When The Work Outgrows The Fee

By Michael ZipurskyUpdated on 2026/07/14

Article Synopsis

When an engagement quietly grows past its fee, most consultants stay silent, worried that raising the number will damage the relationship. The fear is almost always bigger than the pushback. Clients do not resent fee adjustments. They resent surprises. Name the scope shift early, lead with value instead of hours, and lay out a clear before-and-after. Get the setup right and the number becomes the easy part.

A consultant we work with had the kind of problem most people would love to have. His retainer with a mid-size manufacturer had quietly ballooned. What began as a modest monthly arrangement had turned into ongoing strategy work, quarterly planning, and informal coaching for a couple of the client's directors.

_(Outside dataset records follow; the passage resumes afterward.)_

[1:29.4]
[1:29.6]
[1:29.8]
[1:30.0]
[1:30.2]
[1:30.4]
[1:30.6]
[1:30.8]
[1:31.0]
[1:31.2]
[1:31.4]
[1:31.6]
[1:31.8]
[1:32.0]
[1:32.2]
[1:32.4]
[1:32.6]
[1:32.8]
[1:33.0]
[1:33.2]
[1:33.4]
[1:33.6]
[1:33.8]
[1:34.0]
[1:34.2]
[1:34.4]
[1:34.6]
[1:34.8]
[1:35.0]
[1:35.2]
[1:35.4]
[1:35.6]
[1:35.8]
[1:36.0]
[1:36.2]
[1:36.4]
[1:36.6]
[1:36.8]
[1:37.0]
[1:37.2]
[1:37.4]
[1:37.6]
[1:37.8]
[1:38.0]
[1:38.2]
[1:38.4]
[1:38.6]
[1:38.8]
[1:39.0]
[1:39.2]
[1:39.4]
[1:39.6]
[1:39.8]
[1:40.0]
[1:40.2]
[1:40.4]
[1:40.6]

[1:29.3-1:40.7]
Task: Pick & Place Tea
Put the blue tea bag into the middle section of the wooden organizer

Four months in, he was delivering something close to three times the value his original fee was built on.

And he had not said a single word about it.

"The engagement had outgrown its fee months earlier. He just hadn't found the nerve to say so."

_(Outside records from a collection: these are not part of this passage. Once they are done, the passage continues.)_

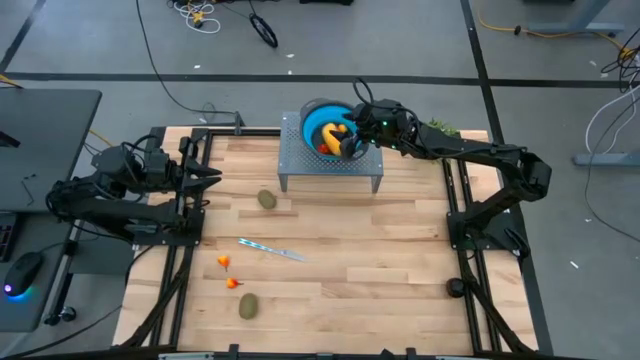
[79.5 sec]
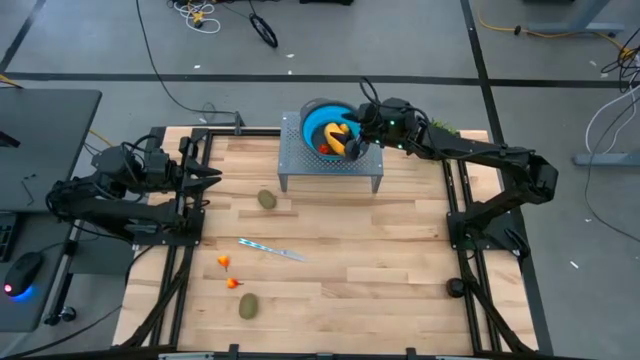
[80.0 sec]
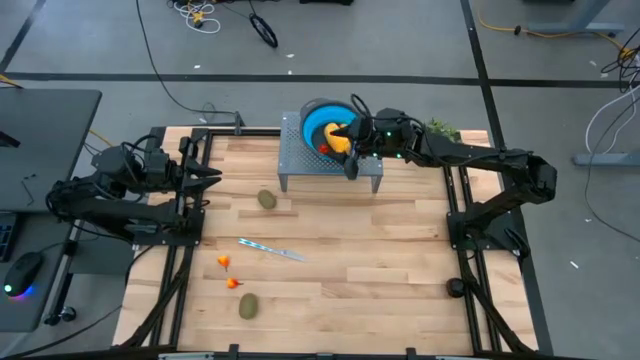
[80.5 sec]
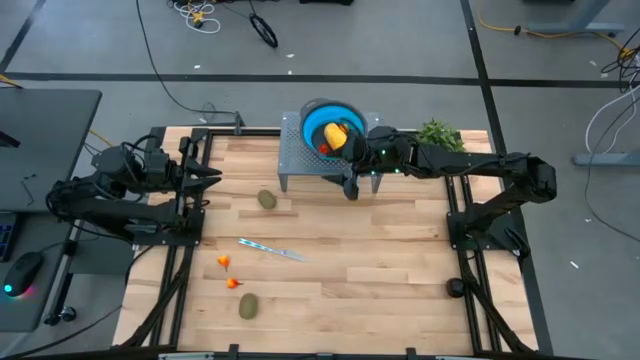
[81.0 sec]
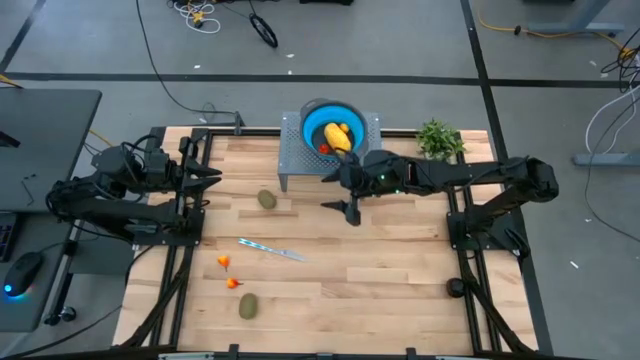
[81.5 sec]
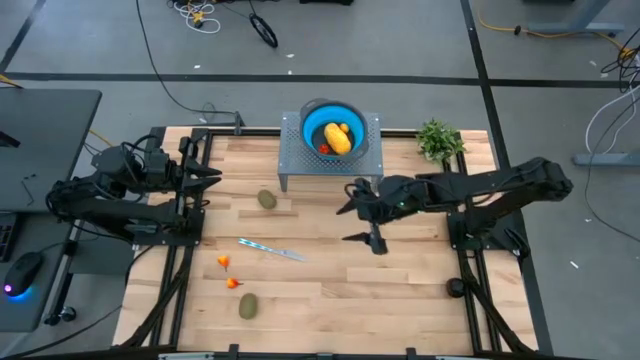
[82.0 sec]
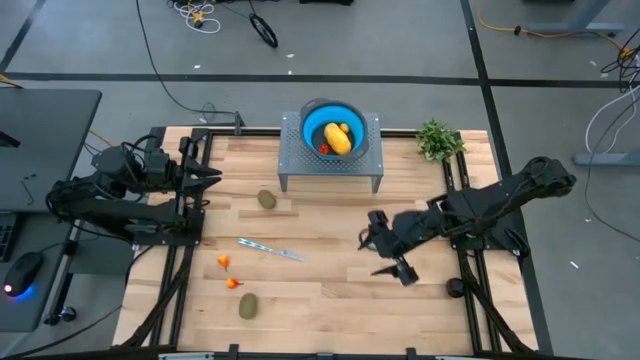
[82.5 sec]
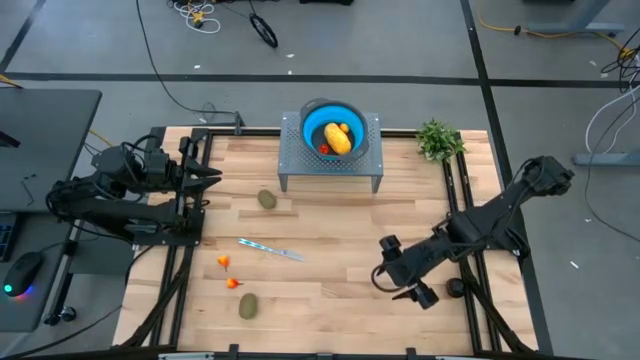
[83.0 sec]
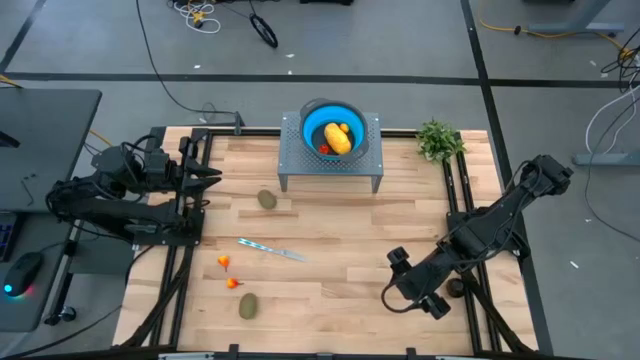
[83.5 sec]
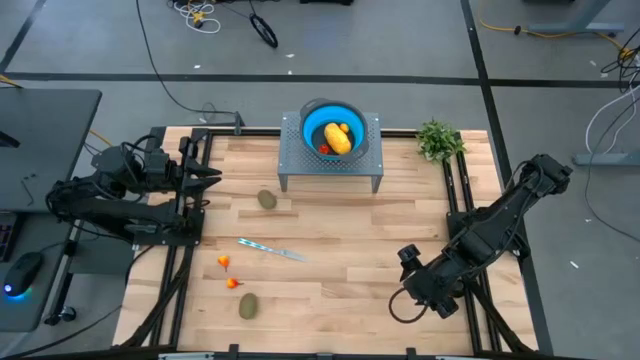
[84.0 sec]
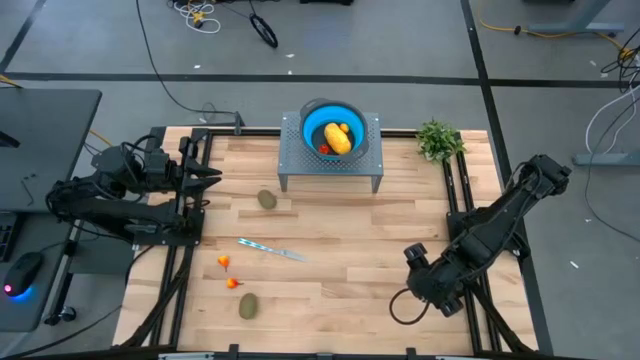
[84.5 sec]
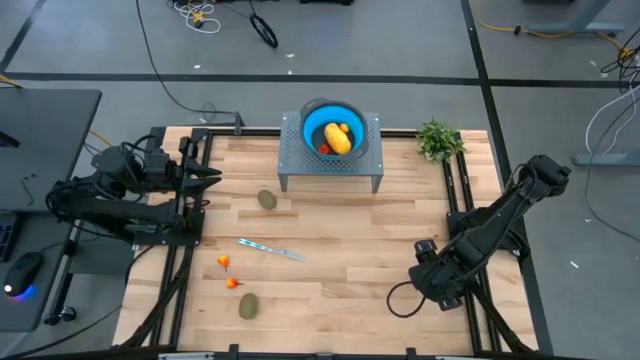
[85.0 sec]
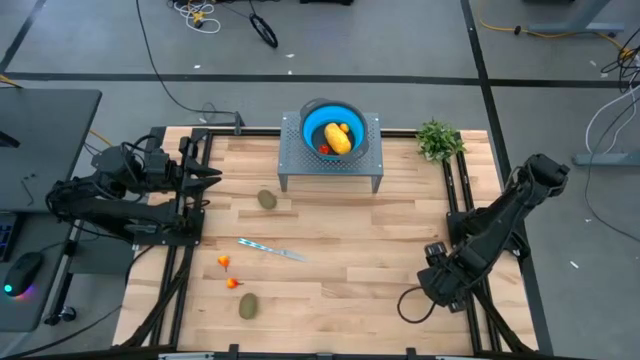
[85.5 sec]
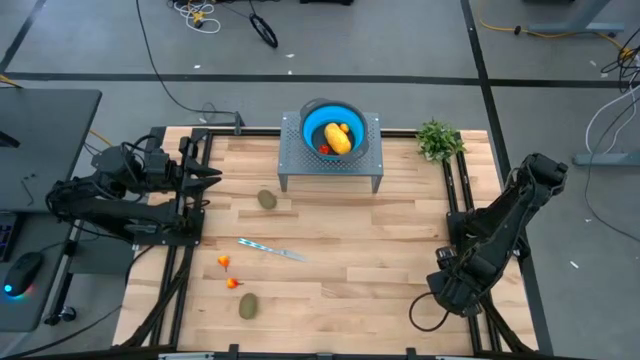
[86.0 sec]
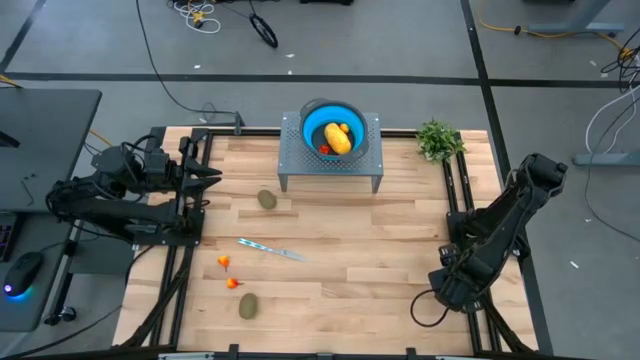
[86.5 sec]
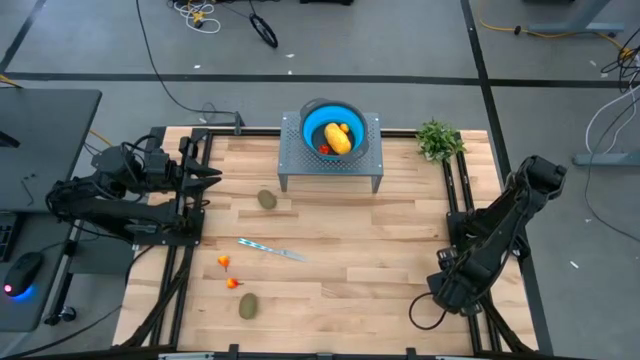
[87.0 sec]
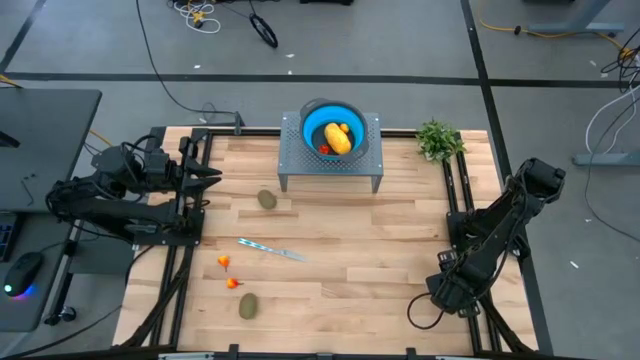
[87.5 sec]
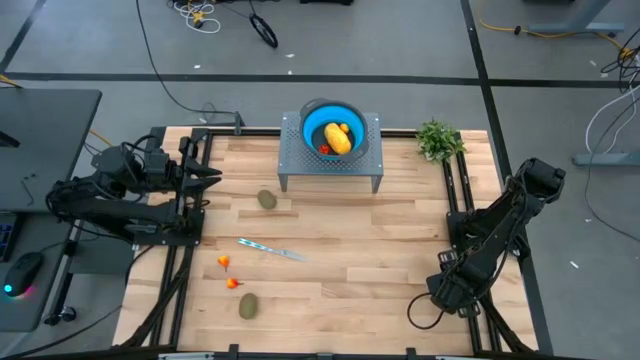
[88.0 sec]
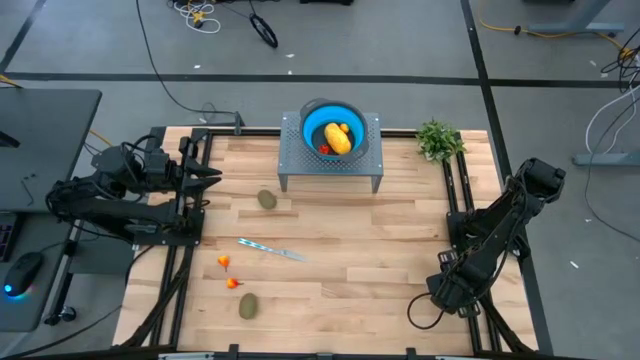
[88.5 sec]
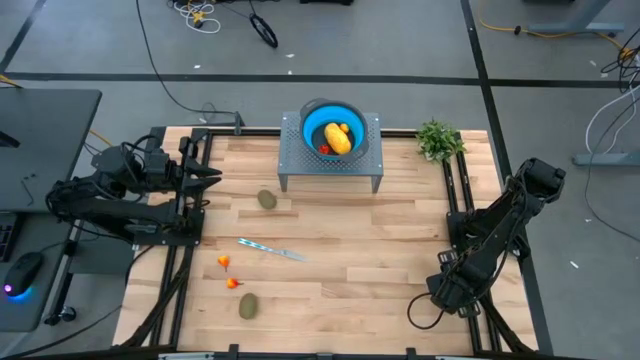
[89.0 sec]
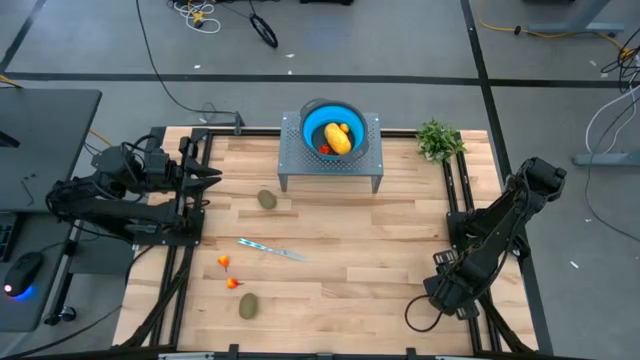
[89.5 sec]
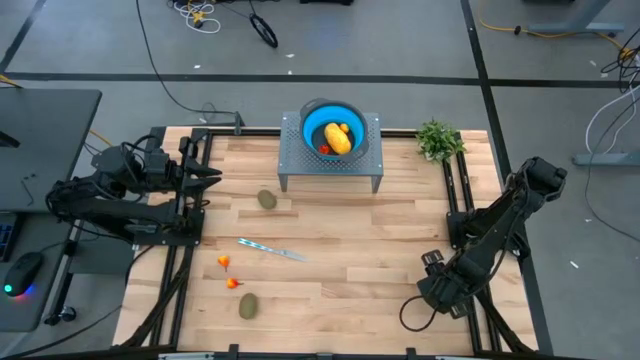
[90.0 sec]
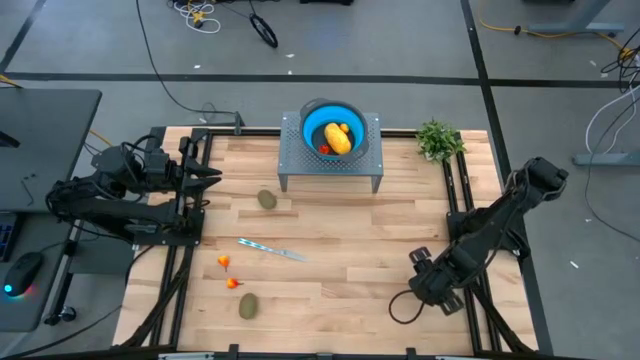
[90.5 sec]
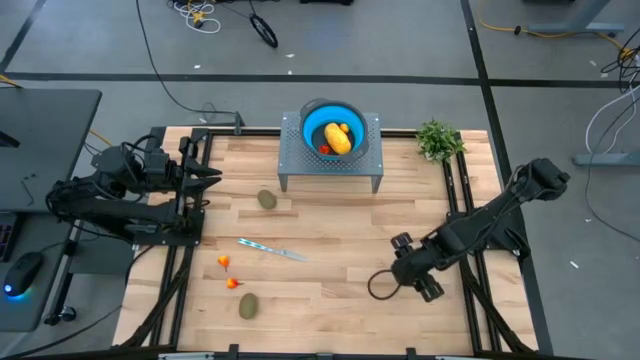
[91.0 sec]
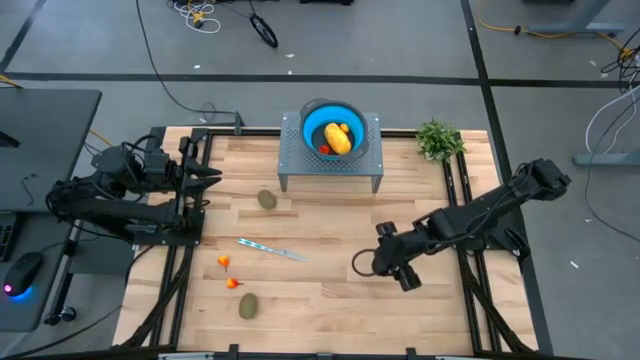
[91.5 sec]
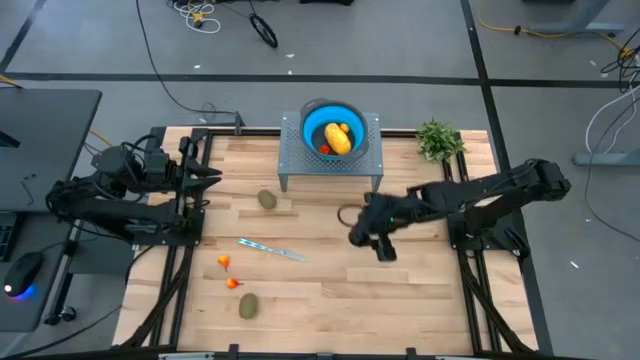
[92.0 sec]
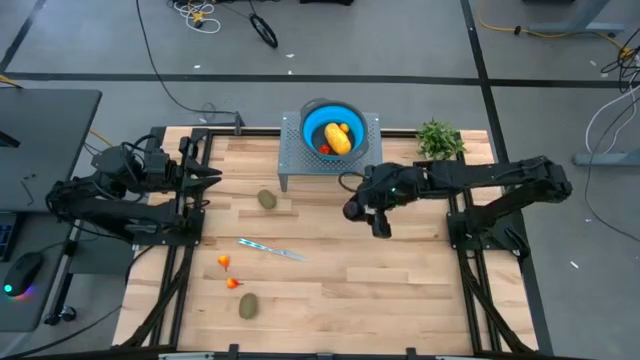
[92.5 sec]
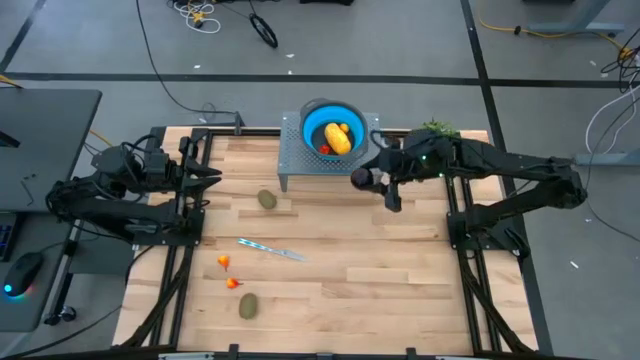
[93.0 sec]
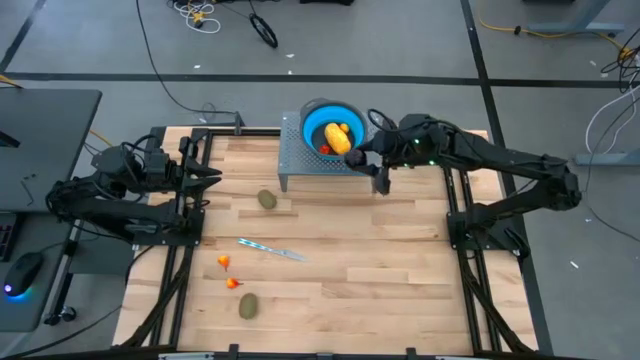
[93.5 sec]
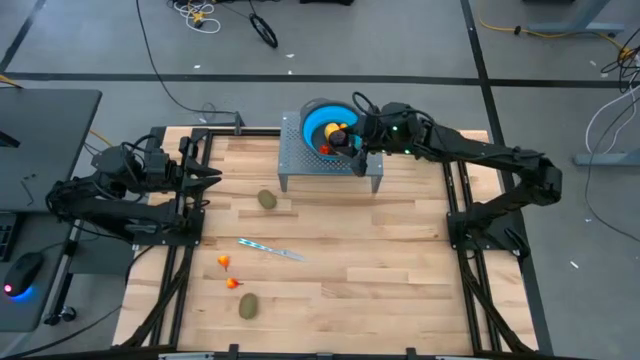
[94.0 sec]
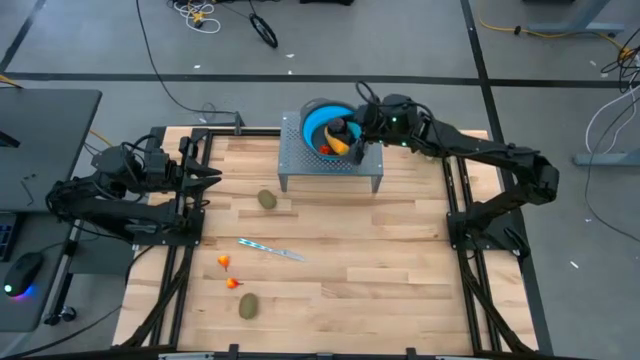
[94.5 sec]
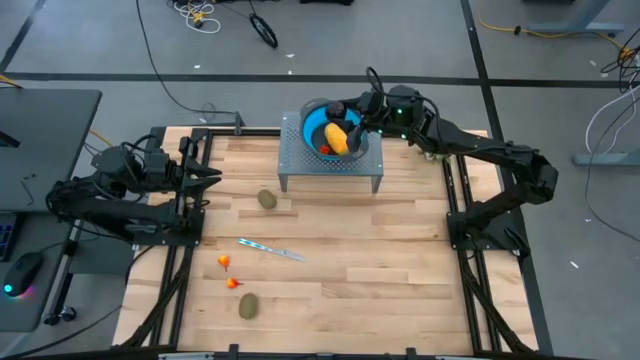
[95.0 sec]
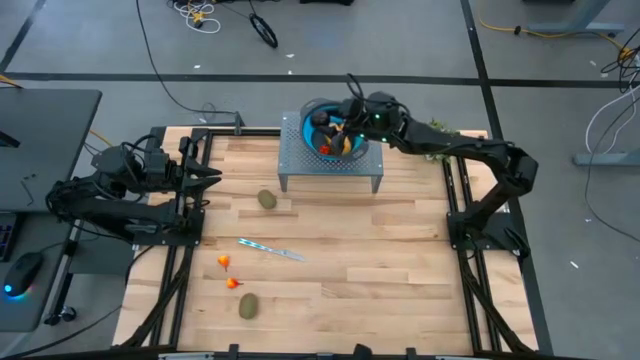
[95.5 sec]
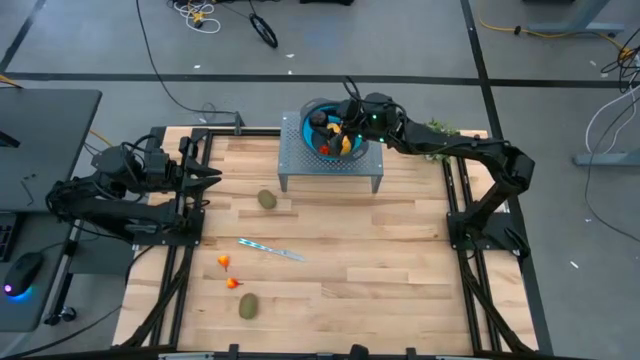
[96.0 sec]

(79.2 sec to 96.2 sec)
Task: Pick & Place Fruit
Put the plum into the blue bin

The Version In Your Head Is Worse Than The Real One

The script running in his mind is the one most consultants know by heart. What if they push back? What if raising this damages a relationship I have spent months building, and the good money that comes with it?

That imagined version of the conversation is almost always louder and worse than the one that actually happens. I have watched this play out across hundreds of engagements, and the pattern barely changes. Clients are not opposed to a fee adjustment. They are opposed to being blindsided by one. An invoice that jumps without warning, or a renegotiation that lands out of nowhere, is what creates the friction. The number itself rarely does.

Get The Setup Right And The Number Is Easy

The setup starts in the original agreement, by being clear about what the engagement includes and what it does not. Then it continues the moment the scope starts to move, which it almost always does.

Name it early. Not with a formal renegotiation, just a plain, direct observation in the moment. Something like, "What we're doing now has grown well past what we first scoped. I want to name that and figure out how we handle it from here." That is not a demand. It is professionalism, and clients who value good work tend to respect that instinct in the person delivering it.

"Clients don't resist the number. They resist being surprised by it."

Lead With Value, Not Hours

When the real conversation happens, anchor it to value rather than effort. The case for a higher fee is not "I have been doing more work." It is "here is what has been achieved, here is what the work looks like now, and here is what this expanded scope is worth to your business."

That framing keeps the discussion on outcomes, which is exactly where you want it. Price on effort and you invite the client to argue about the effort. Price on value and you invite them to weigh the result instead. Those are very different conversations, and they tend to end at very different numbers.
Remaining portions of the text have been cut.